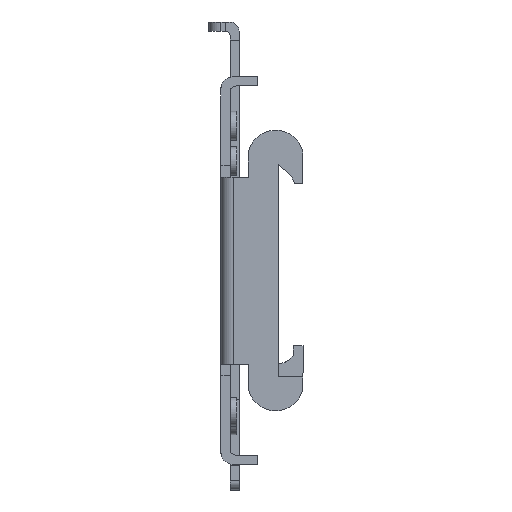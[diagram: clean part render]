
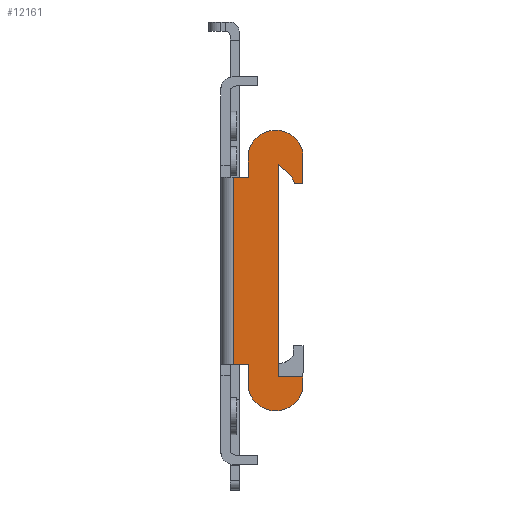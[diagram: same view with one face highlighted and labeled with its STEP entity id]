
A CAD part, left-side view. The second image highlights one B-rep face of the part: STEP entity #12161.
In plain terms, the highlighted planar face has unit normal (-1, 0, 0).
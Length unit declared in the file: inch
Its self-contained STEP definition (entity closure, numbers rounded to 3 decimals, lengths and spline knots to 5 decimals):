
#86 = CARTESIAN_POINT ( 'NONE',  ( -1.7435, -0.302, -0.35375 ) ) ;
#205 = VERTEX_POINT ( 'NONE', #5293 ) ;
#596 = DIRECTION ( 'NONE',  ( -1., 0., 0. ) ) ;
#600 = CARTESIAN_POINT ( 'NONE',  ( -1.7435, -0.141, -1.98875 ) ) ;
#906 = CARTESIAN_POINT ( 'NONE',  ( -1.7435, 0.058, -0.66375 ) ) ;
#1062 = CARTESIAN_POINT ( 'NONE',  ( -1.7435, -0.302, -2.21375 ) ) ;
#1081 = CARTESIAN_POINT ( 'NONE',  ( -1.7435, -0.12199, -0.35375 ) ) ;
#1097 = CARTESIAN_POINT ( 'NONE',  ( -1.7435, -0.302, -0.35375 ) ) ;
#1106 = VERTEX_POINT ( 'NONE', #1081 ) ;
#1175 = VECTOR ( 'NONE', #12585, 39.37008 ) ;
#1195 = VECTOR ( 'NONE', #6058, 39.37008 ) ;
#1257 = CARTESIAN_POINT ( 'NONE',  ( -1.7435, 0.058, -0.35375 ) ) ;
#1311 = VECTOR ( 'NONE', #12619, 39.37008 ) ;
#1391 = VERTEX_POINT ( 'NONE', #10506 ) ;
#1415 = LINE ( 'NONE', #86, #5722 ) ;
#1460 = EDGE_CURVE ( 'NONE', #9634, #4672, #11521, .T. ) ;
#1558 = VECTOR ( 'NONE', #8883, 39.37008 ) ;
#1583 = VECTOR ( 'NONE', #12767, 39.37008 ) ;
#1723 = CARTESIAN_POINT ( 'NONE',  ( -1.7435, -0.302, -1.98875 ) ) ;
#1906 = CARTESIAN_POINT ( 'NONE',  ( -1.7435, -0.122, -0.53825 ) ) ;
#1958 = DIRECTION ( 'NONE',  ( 0., 0., -1. ) ) ;
#2016 = VERTEX_POINT ( 'NONE', #906 ) ;
#2401 = LINE ( 'NONE', #1062, #1175 ) ;
#2437 = LINE ( 'NONE', #1097, #1311 ) ;
#2583 = LINE ( 'NONE', #1257, #1583 ) ;
#2644 = VERTEX_POINT ( 'NONE', #6424 ) ;
#2896 = LINE ( 'NONE', #9158, #7609 ) ;
#2947 = ORIENTED_EDGE ( 'NONE', *, *, #8502, .T. ) ;
#3287 = CARTESIAN_POINT ( 'NONE',  ( -1.7435, 0.16, -1.90375 ) ) ;
#3292 = ORIENTED_EDGE ( 'NONE', *, *, #9413, .T. ) ;
#3312 = CIRCLE ( 'NONE', #4208, 0.1845 ) ;
#3347 = CARTESIAN_POINT ( 'NONE',  ( -1.7435, -0.302, -2.06975 ) ) ;
#3413 = DIRECTION ( 'NONE',  ( 0., 0., -1. ) ) ;
#3497 = EDGE_CURVE ( 'NONE', #3565, #1106, #1415, .T. ) ;
#3565 = VERTEX_POINT ( 'NONE', #7043 ) ;
#3880 = ORIENTED_EDGE ( 'NONE', *, *, #7901, .T. ) ;
#4052 = DIRECTION ( 'NONE',  ( 0., 0., 1. ) ) ;
#4185 = EDGE_CURVE ( 'NONE', #9974, #2016, #9116, .T. ) ;
#4208 = AXIS2_PLACEMENT_3D ( 'NONE', #9734, #8437, #7122 ) ;
#4246 = CIRCLE ( 'NONE', #10691, 0.1845 ) ;
#4300 = ORIENTED_EDGE ( 'NONE', *, *, #9177, .T. ) ;
#4333 = VERTEX_POINT ( 'NONE', #7567 ) ;
#4587 = LINE ( 'NONE', #3287, #6436 ) ;
#4672 = VERTEX_POINT ( 'NONE', #600 ) ;
#4713 = DIRECTION ( 'NONE',  ( 1., 0., 0. ) ) ;
#4728 = CARTESIAN_POINT ( 'NONE',  ( -1.7435, 0.16, -1.90375 ) ) ;
#4793 = CARTESIAN_POINT ( 'NONE',  ( -1.7435, 0.058, -2.06975 ) ) ;
#4825 = ORIENTED_EDGE ( 'NONE', *, *, #7071, .F. ) ;
#5216 = DIRECTION ( 'NONE',  ( 0., 0., -1. ) ) ;
#5293 = CARTESIAN_POINT ( 'NONE',  ( -1.7435, -0.302, -0.70775 ) ) ;
#5294 = FACE_OUTER_BOUND ( 'NONE', #9732, .T. ) ;
#5360 = CARTESIAN_POINT ( 'NONE',  ( -1.7435, -0.141, 0. ) ) ;
#5428 = VERTEX_POINT ( 'NONE', #8998 ) ;
#5722 = VECTOR ( 'NONE', #11602, 39.37008 ) ;
#5748 = DIRECTION ( 'NONE',  ( 0., 1., 0. ) ) ;
#5757 = VERTEX_POINT ( 'NONE', #6828 ) ;
#5782 = EDGE_CURVE ( 'NONE', #5757, #205, #2896, .T. ) ;
#5819 = AXIS2_PLACEMENT_3D ( 'NONE', #9391, #8055, #6747 ) ;
#6019 = CARTESIAN_POINT ( 'NONE',  ( -1.7435, 0., 0. ) ) ;
#6058 = DIRECTION ( 'NONE',  ( 0., -1., 0. ) ) ;
#6096 = ORIENTED_EDGE ( 'NONE', *, *, #8091, .T. ) ;
#6236 = EDGE_CURVE ( 'NONE', #1391, #6588, #2583, .T. ) ;
#6251 = CIRCLE ( 'NONE', #5819, 0.1845 ) ;
#6284 = LINE ( 'NONE', #11222, #9653 ) ;
#6296 = AXIS2_PLACEMENT_3D ( 'NONE', #6019, #4713, #3413 ) ;
#6424 = CARTESIAN_POINT ( 'NONE',  ( -1.7435, 0.16, -0.66375 ) ) ;
#6436 = VECTOR ( 'NONE', #1958, 39.37008 ) ;
#6491 = DIRECTION ( 'NONE',  ( 0., 0., -1. ) ) ;
#6539 = DIRECTION ( 'NONE',  ( 1., 0., 0. ) ) ;
#6588 = VERTEX_POINT ( 'NONE', #4793 ) ;
#6668 = LINE ( 'NONE', #5360, #11159 ) ;
#6747 = DIRECTION ( 'NONE',  ( 0., 0., -1. ) ) ;
#6809 = ORIENTED_EDGE ( 'NONE', *, *, #6236, .T. ) ;
#6828 = CARTESIAN_POINT ( 'NONE',  ( -1.7435, -0.302, -0.49775 ) ) ;
#6881 = CARTESIAN_POINT ( 'NONE',  ( -1.7435, 0.058, -0.49775 ) ) ;
#6930 = VERTEX_POINT ( 'NONE', #10202 ) ;
#7005 = ORIENTED_EDGE ( 'NONE', *, *, #5782, .F. ) ;
#7043 = CARTESIAN_POINT ( 'NONE',  ( -1.7435, -0.122, -0.35375 ) ) ;
#7071 = EDGE_CURVE ( 'NONE', #4333, #6930, #2401, .T. ) ;
#7075 = CARTESIAN_POINT ( 'NONE',  ( -1.7435, 0., -0.66375 ) ) ;
#7122 = DIRECTION ( 'NONE',  ( 0., 0., -1. ) ) ;
#7160 = ORIENTED_EDGE ( 'NONE', *, *, #3497, .T. ) ;
#7343 = PLANE ( 'NONE',  #6296 ) ;
#7381 = CARTESIAN_POINT ( 'NONE',  ( -1.7435, 0., -0.70775 ) ) ;
#7397 = DIRECTION ( 'NONE',  ( 0., -0.726, -0.688 ) ) ;
#7497 = VERTEX_POINT ( 'NONE', #12808 ) ;
#7567 = CARTESIAN_POINT ( 'NONE',  ( -1.7435, -0.122, -2.21375 ) ) ;
#7609 = VECTOR ( 'NONE', #7819, 39.37008 ) ;
#7643 = AXIS2_PLACEMENT_3D ( 'NONE', #11778, #6539, #5216 ) ;
#7763 = ORIENTED_EDGE ( 'NONE', *, *, #11408, .T. ) ;
#7781 = CARTESIAN_POINT ( 'NONE',  ( -1.7435, 0.058, -0.35375 ) ) ;
#7819 = DIRECTION ( 'NONE',  ( 0., 0., -1. ) ) ;
#7901 = EDGE_CURVE ( 'NONE', #9550, #5428, #10012, .T. ) ;
#7982 = ORIENTED_EDGE ( 'NONE', *, *, #8833, .F. ) ;
#8055 = DIRECTION ( 'NONE',  ( -1., 0., 0. ) ) ;
#8091 = EDGE_CURVE ( 'NONE', #5757, #3565, #4246, .T. ) ;
#8384 = LINE ( 'NONE', #7075, #9549 ) ;
#8435 = ORIENTED_EDGE ( 'NONE', *, *, #9834, .F. ) ;
#8437 = DIRECTION ( 'NONE',  ( 1., 0., 0. ) ) ;
#8450 = DIRECTION ( 'NONE',  ( 0., 1., 0. ) ) ;
#8502 = EDGE_CURVE ( 'NONE', #2016, #2644, #8384, .T. ) ;
#8682 = LINE ( 'NONE', #7381, #1195 ) ;
#8700 = CARTESIAN_POINT ( 'NONE',  ( -1.7435, 0.22228, -0.23473 ) ) ;
#8833 = EDGE_CURVE ( 'NONE', #6930, #6588, #10168, .T. ) ;
#8883 = DIRECTION ( 'NONE',  ( 0., 1., 0. ) ) ;
#8998 = CARTESIAN_POINT ( 'NONE',  ( -1.7435, -0.22827, -0.66139 ) ) ;
#9110 = EDGE_CURVE ( 'NONE', #7497, #205, #8682, .T. ) ;
#9116 = LINE ( 'NONE', #7781, #10260 ) ;
#9158 = CARTESIAN_POINT ( 'NONE',  ( -1.7435, -0.302, -0.35375 ) ) ;
#9177 = EDGE_CURVE ( 'NONE', #1106, #9974, #6251, .T. ) ;
#9251 = EDGE_CURVE ( 'NONE', #1391, #11681, #11076, .T. ) ;
#9391 = CARTESIAN_POINT ( 'NONE',  ( -1.7435, -0.122, -0.53825 ) ) ;
#9413 = EDGE_CURVE ( 'NONE', #2644, #11681, #4587, .T. ) ;
#9549 = VECTOR ( 'NONE', #5748, 39.37008 ) ;
#9550 = VERTEX_POINT ( 'NONE', #9900 ) ;
#9634 = VERTEX_POINT ( 'NONE', #1723 ) ;
#9653 = VECTOR ( 'NONE', #9888, 39.37008 ) ;
#9732 = EDGE_LOOP ( 'NONE', ( #7160, #4300, #10483, #2947, #3292, #12347, #6809, #7982, #4825, #8435, #10304, #12700, #11513, #3880, #7763, #11068, #7005, #6096 ) ) ;
#9734 = CARTESIAN_POINT ( 'NONE',  ( -1.7435, -0.122, -2.02925 ) ) ;
#9748 = CARTESIAN_POINT ( 'NONE',  ( -1.7435, 0., -1.90375 ) ) ;
#9834 = EDGE_CURVE ( 'NONE', #10077, #4333, #3312, .T. ) ;
#9888 = DIRECTION ( 'NONE',  ( 0., -0.375, -0.927 ) ) ;
#9900 = CARTESIAN_POINT ( 'NONE',  ( -1.7435, -0.141, -0.57875 ) ) ;
#9974 = VERTEX_POINT ( 'NONE', #6881 ) ;
#10012 = LINE ( 'NONE', #8700, #12605 ) ;
#10077 = VERTEX_POINT ( 'NONE', #3347 ) ;
#10168 = CIRCLE ( 'NONE', #7643, 0.1845 ) ;
#10202 = CARTESIAN_POINT ( 'NONE',  ( -1.7435, -0.12199, -2.21375 ) ) ;
#10207 = CARTESIAN_POINT ( 'NONE',  ( -1.7435, 0., -1.98875 ) ) ;
#10260 = VECTOR ( 'NONE', #6491, 39.37008 ) ;
#10304 = ORIENTED_EDGE ( 'NONE', *, *, #11025, .F. ) ;
#10483 = ORIENTED_EDGE ( 'NONE', *, *, #4185, .T. ) ;
#10506 = CARTESIAN_POINT ( 'NONE',  ( -1.7435, 0.058, -1.90375 ) ) ;
#10691 = AXIS2_PLACEMENT_3D ( 'NONE', #1906, #596, #12107 ) ;
#10992 = EDGE_CURVE ( 'NONE', #4672, #9550, #6668, .T. ) ;
#11025 = EDGE_CURVE ( 'NONE', #9634, #10077, #2437, .T. ) ;
#11068 = ORIENTED_EDGE ( 'NONE', *, *, #9110, .T. ) ;
#11076 = LINE ( 'NONE', #9748, #11129 ) ;
#11129 = VECTOR ( 'NONE', #8450, 39.37008 ) ;
#11159 = VECTOR ( 'NONE', #4052, 39.37008 ) ;
#11222 = CARTESIAN_POINT ( 'NONE',  ( -1.7435, 0.03348, -0.01353 ) ) ;
#11408 = EDGE_CURVE ( 'NONE', #5428, #7497, #6284, .T. ) ;
#11513 = ORIENTED_EDGE ( 'NONE', *, *, #10992, .T. ) ;
#11521 = LINE ( 'NONE', #10207, #1558 ) ;
#11602 = DIRECTION ( 'NONE',  ( 0., 1., 0. ) ) ;
#11681 = VERTEX_POINT ( 'NONE', #4728 ) ;
#11778 = CARTESIAN_POINT ( 'NONE',  ( -1.7435, -0.122, -2.02925 ) ) ;
#12107 = DIRECTION ( 'NONE',  ( 0., 0., -1. ) ) ;
#12161 = ADVANCED_FACE ( 'NONE', ( #5294 ), #7343, .F. ) ;
#12347 = ORIENTED_EDGE ( 'NONE', *, *, #9251, .F. ) ;
#12585 = DIRECTION ( 'NONE',  ( 0., 1., 0. ) ) ;
#12605 = VECTOR ( 'NONE', #7397, 39.37008 ) ;
#12619 = DIRECTION ( 'NONE',  ( 0., 0., -1. ) ) ;
#12700 = ORIENTED_EDGE ( 'NONE', *, *, #1460, .T. ) ;
#12767 = DIRECTION ( 'NONE',  ( 0., 0., -1. ) ) ;
#12808 = CARTESIAN_POINT ( 'NONE',  ( -1.7435, -0.247, -0.70775 ) ) ;

● ● ●

> _Task brief_
Beginning at the line above with "#6296 = AXIS2_PLACEMENT_3D" and finishing at the line with "#8435 = ORIENTED_EDGE", return each line exactly and return nothing else.

> _Result of the task_
#6296 = AXIS2_PLACEMENT_3D ( 'NONE', #6019, #4713, #3413 ) ;
#6424 = CARTESIAN_POINT ( 'NONE',  ( -1.7435, 0.16, -0.66375 ) ) ;
#6436 = VECTOR ( 'NONE', #1958, 39.37008 ) ;
#6491 = DIRECTION ( 'NONE',  ( 0., 0., -1. ) ) ;
#6539 = DIRECTION ( 'NONE',  ( 1., 0., 0. ) ) ;
#6588 = VERTEX_POINT ( 'NONE', #4793 ) ;
#6668 = LINE ( 'NONE', #5360, #11159 ) ;
#6747 = DIRECTION ( 'NONE',  ( 0., 0., -1. ) ) ;
#6809 = ORIENTED_EDGE ( 'NONE', *, *, #6236, .T. ) ;
#6828 = CARTESIAN_POINT ( 'NONE',  ( -1.7435, -0.302, -0.49775 ) ) ;
#6881 = CARTESIAN_POINT ( 'NONE',  ( -1.7435, 0.058, -0.49775 ) ) ;
#6930 = VERTEX_POINT ( 'NONE', #10202 ) ;
#7005 = ORIENTED_EDGE ( 'NONE', *, *, #5782, .F. ) ;
#7043 = CARTESIAN_POINT ( 'NONE',  ( -1.7435, -0.122, -0.35375 ) ) ;
#7071 = EDGE_CURVE ( 'NONE', #4333, #6930, #2401, .T. ) ;
#7075 = CARTESIAN_POINT ( 'NONE',  ( -1.7435, 0., -0.66375 ) ) ;
#7122 = DIRECTION ( 'NONE',  ( 0., 0., -1. ) ) ;
#7160 = ORIENTED_EDGE ( 'NONE', *, *, #3497, .T. ) ;
#7343 = PLANE ( 'NONE',  #6296 ) ;
#7381 = CARTESIAN_POINT ( 'NONE',  ( -1.7435, 0., -0.70775 ) ) ;
#7397 = DIRECTION ( 'NONE',  ( 0., -0.726, -0.688 ) ) ;
#7497 = VERTEX_POINT ( 'NONE', #12808 ) ;
#7567 = CARTESIAN_POINT ( 'NONE',  ( -1.7435, -0.122, -2.21375 ) ) ;
#7609 = VECTOR ( 'NONE', #7819, 39.37008 ) ;
#7643 = AXIS2_PLACEMENT_3D ( 'NONE', #11778, #6539, #5216 ) ;
#7763 = ORIENTED_EDGE ( 'NONE', *, *, #11408, .T. ) ;
#7781 = CARTESIAN_POINT ( 'NONE',  ( -1.7435, 0.058, -0.35375 ) ) ;
#7819 = DIRECTION ( 'NONE',  ( 0., 0., -1. ) ) ;
#7901 = EDGE_CURVE ( 'NONE', #9550, #5428, #10012, .T. ) ;
#7982 = ORIENTED_EDGE ( 'NONE', *, *, #8833, .F. ) ;
#8055 = DIRECTION ( 'NONE',  ( -1., 0., 0. ) ) ;
#8091 = EDGE_CURVE ( 'NONE', #5757, #3565, #4246, .T. ) ;
#8384 = LINE ( 'NONE', #7075, #9549 ) ;
#8435 = ORIENTED_EDGE ( 'NONE', *, *, #9834, .F. ) ;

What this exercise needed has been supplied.